YOUR TASK »
Among the entries below, which lines run from the line with "Sorted by time, 8" through the line with "Elapsed time: 0.5 s after image 1."? Retype those, both ends included, exactly and without pictures.

GIVEN ENTRIES »
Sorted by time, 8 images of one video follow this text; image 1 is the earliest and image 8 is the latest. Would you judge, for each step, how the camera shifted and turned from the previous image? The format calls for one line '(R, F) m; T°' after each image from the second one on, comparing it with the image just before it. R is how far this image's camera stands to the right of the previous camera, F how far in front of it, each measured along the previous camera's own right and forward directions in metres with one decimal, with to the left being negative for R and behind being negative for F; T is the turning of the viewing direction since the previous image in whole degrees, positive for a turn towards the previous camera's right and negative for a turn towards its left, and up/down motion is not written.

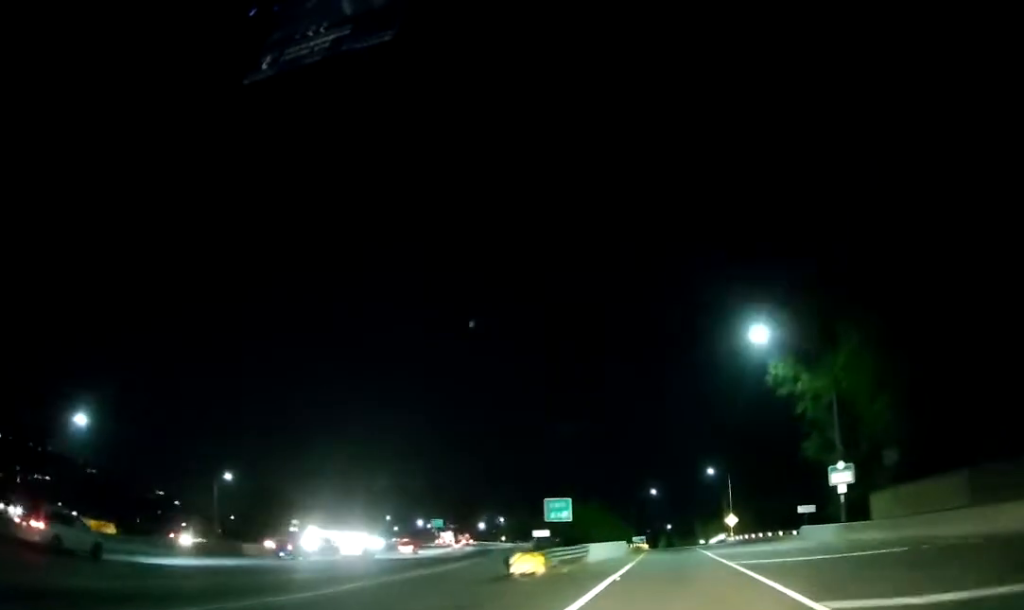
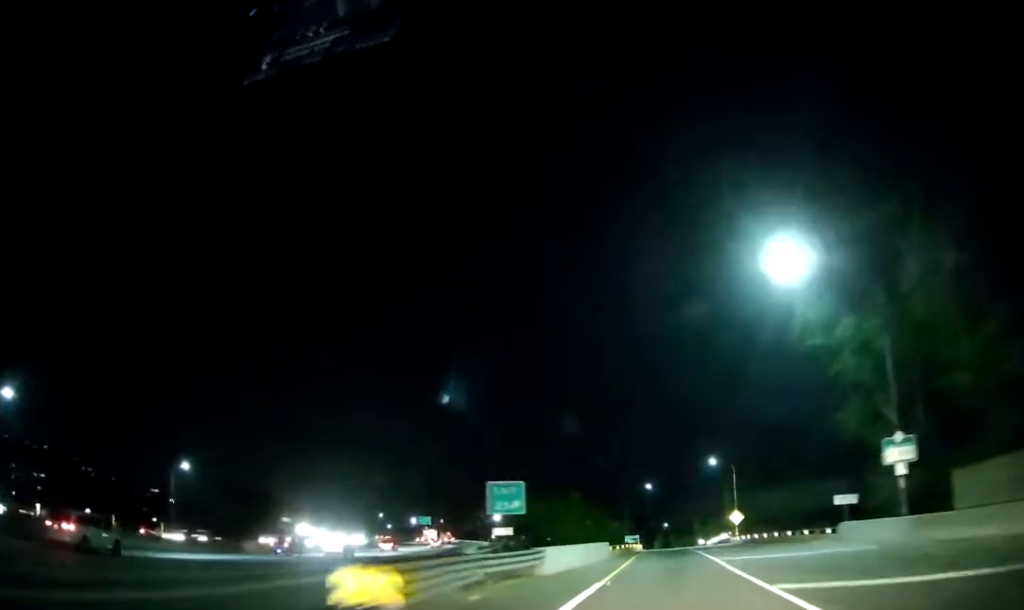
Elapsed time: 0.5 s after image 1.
* * *
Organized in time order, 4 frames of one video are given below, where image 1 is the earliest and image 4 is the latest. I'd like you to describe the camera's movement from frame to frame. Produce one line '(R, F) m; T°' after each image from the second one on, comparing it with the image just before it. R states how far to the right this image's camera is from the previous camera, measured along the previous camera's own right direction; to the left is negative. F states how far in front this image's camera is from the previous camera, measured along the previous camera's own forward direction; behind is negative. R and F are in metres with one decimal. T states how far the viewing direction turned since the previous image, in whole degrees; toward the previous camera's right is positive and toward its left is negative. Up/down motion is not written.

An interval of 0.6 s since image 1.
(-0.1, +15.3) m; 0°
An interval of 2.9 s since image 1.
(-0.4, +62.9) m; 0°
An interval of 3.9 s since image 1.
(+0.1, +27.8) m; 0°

YOUR RESPONSE »
Sorted by time, 8 images of one video follow this text; image 1 is the earliest and image 8 is the latest. Would you judge, for each step, how the camera shifted and turned from the previous image? The format calls for one line '(R, F) m; T°' after each image from the second one on, comparing it with the image just before it. R is how far this image's camera stands to the right of the previous camera, F how far in front of it, each measured along the previous camera's own right and forward directions in metres with one decimal, with to the left being negative for R and behind being negative for F; T is the turning of the viewing direction since the previous image in whole degrees, positive for a turn towards the previous camera's right and negative for a turn towards its left, and up/down motion is not written.

Elapsed time: 0.5 s after image 1.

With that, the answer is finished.